Елена Набокова показала сыну карикатуру, на которой от ее мужа «и от многозубого котоусого Милюкова благодарное Мировое Еврейство (нос и бриллианты) принимает блюдо с хлеб-солью — матушку Россию». Такие обвинения были настолько популярны среди публики (как до революции, в России, так и потом, в эмиграции), что Ариадна Тыркова и спустя много лет сочла необходимым объяснять эмигрантскому читателю: «…еврейское равноправие… было обязательным пунктом в программе всех оппозционных партий, не потому, что так хотели евреи, а потому, что этого требовало чувство справедливости и интересы государства. Милюков не был ни евреем, ни еврейским наймитом, как его грубо называли правые. Его вообще нельзя было ни нанять, ни подкупить…». И уж тем более — это вы, вероятно, уже поняли — невозможно было подкупить В.Д. Набокова. Впрочем, так же невозможно было и убедить в чем-либо дремучего черносотенного «зубра» (Марков 2-й сам назвал «зубрами» себя и себе подобных).
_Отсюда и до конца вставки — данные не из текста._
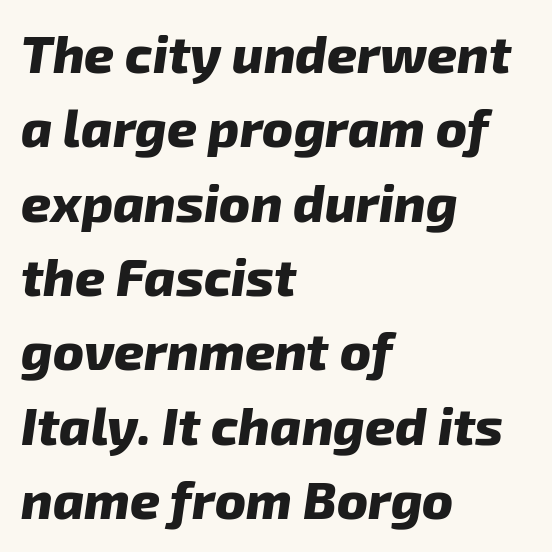
The image shows 52 px heavy type, italic (leaning right); set left-aligned, normal line spacing (1.43x), normal letter spacing, not underlined; low stroke contrast and a medium x-height.
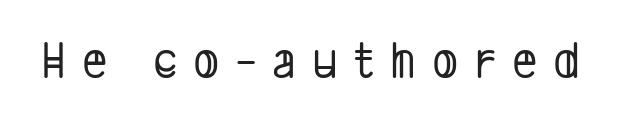
Q: Is the typeface a serif or a sans-serif typeface? A: Sans-serif.
Q: Is the text underlined? A: No.
Q: Is the spacing between letters normal or unusually wide? A: Unusually wide.
Q: Width (condensed, normal, or wide)? A: Condensed.
Q: Stroke contrast? A: Low.
Q: x-height? A: Medium.
Q: Monospaced? A: No.
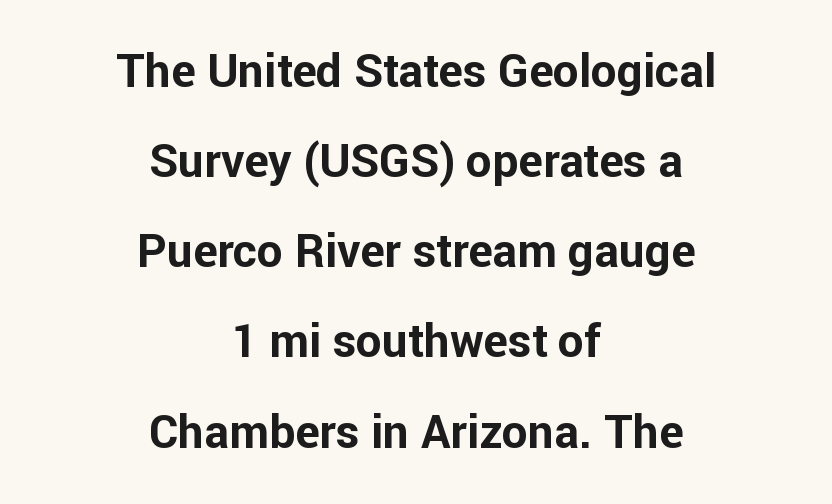
The image shows 46 px bold sans-serif type, upright; set centered, loose line spacing (1.96x), normal letter spacing, not underlined; low stroke contrast and a medium x-height.
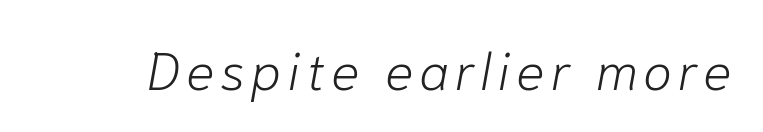
Note the varied advance widths — an 'i' is clearly narrower than an 'm'. The face looks like a standard text weight, possibly lighter. The typography opts for an oblique posture over an upright one. Type without underlining.
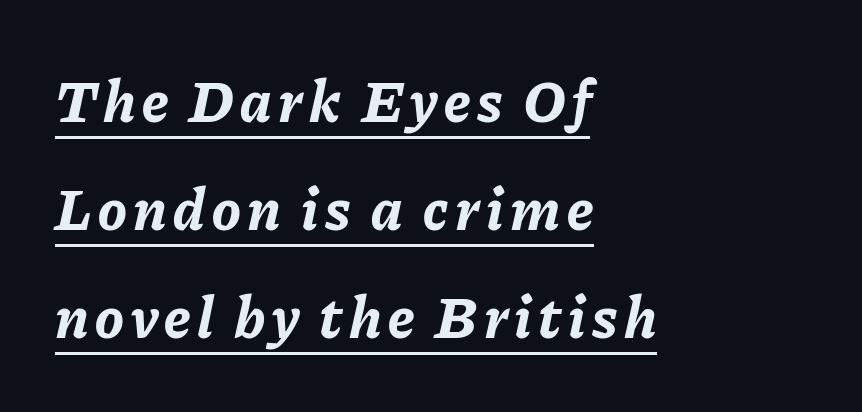
The image shows 60 px bold type, italic (leaning right); set left-aligned, line spacing 1.8x, underlined; low stroke contrast and a medium x-height.
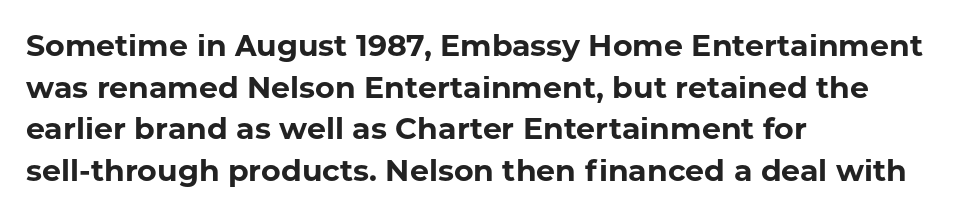
Q: Is the text bold? A: Yes.
Q: Is the text italic (slanted)? A: No, it is upright.
Q: Is the typeface a serif or a sans-serif typeface? A: Sans-serif.
Q: Is the text underlined? A: No.
Q: How is the paragraph aligned? A: Left-aligned.
Q: Is the spacing between letters normal or unusually wide? A: Normal.
Q: Is the spacing between lines tight, normal or loose? A: Normal.
Q: Width (condensed, normal, or wide)? A: Normal.
Q: Stroke contrast? A: Low.
Q: x-height? A: Medium.
Q: Monospaced? A: No.

…Пуля, предназначавшаяся В.Д. Набокову, уже была дослана в ствол.
ДЕВОЧКА ВАЛЯ И КРУШЕНЬЕ ИМПЕРИИ
Мир вступил в войну, которую, вероятно, за ее неслыханно кровопролитный характер, называют во всем мире Великой. У нас она забыта больше, чем на Западе, где с тех пор ничего равного ей по разрушительности и кровопролитности не случалось. В России чаще помнят лишь то, что война эта привела к еще более опустошительным бедствиям — к революции, октябрьскому перевороту, гражданской войне и тоталитарному террору. И уж, конечно, памятнее для нас новая кровопролитная (а следовательно, тоже Великая) вторая война. И все же можно ли было, живя в те годы, почти не заметить такую войну, как Великая первая? Конечно, можно. Он ее почти и не заметил, Володя Набоков, с которым случилось в ту пору самое главное, что может случиться с юношей: он влюбился. И это была не просто любовь — это была Первая любовь, подобная новому рождению, вознесшему его на высшую ступень блаженства перед окончательным изгнанием из рая русского детства. Эта первая любовь так властно заполняет его романы и стихи, так ощутимо пронизывает его творчество, что чуть не все его последующие женские образы, все любови и все искусительницы, как бы он ни называл их — Машенька, Тамара, Магда, Мариет, Лолита, Люсет, Марфинька, — все они хоть что-нибудь да унаследовали от этой его Первой Возлюбленной. Не многим земным женщинам выпало на долю столько литературной славы.
Его Беатриче звали не Люся, не Тамара и не Машенька, а Валечка, Валентина, Валя Шульгина. «„Что ж, мы мещаночки, мы ничего, значит, и не знаем,“— говорила она… но на самом деле она была и тоньше, и лучше, и умнее меня». Вот оно, признанье в любви через пятьдесят лет, еще и еще одно признанье. В любви к женщине, к девочке, к воспоминанию. Точнее, к девочке, сотворенной воспоминаньем. Сила этих сотен строк, о ней написанных, так впечатляюща, что какая-то юная то ли внучка, то ли внучатая племянница Вали Шульгиной и посегодня пишет из России почти родственные письма сестре покойного писателя (и Вали-то этой сроду не видевшей), не сознавая, что всей этой близостью, и этим родством, и этим бессмертием любви, ее неувядающей свежестью мы обязаны не какой-то там несравненной бабушке Вале, а несравненной литературе.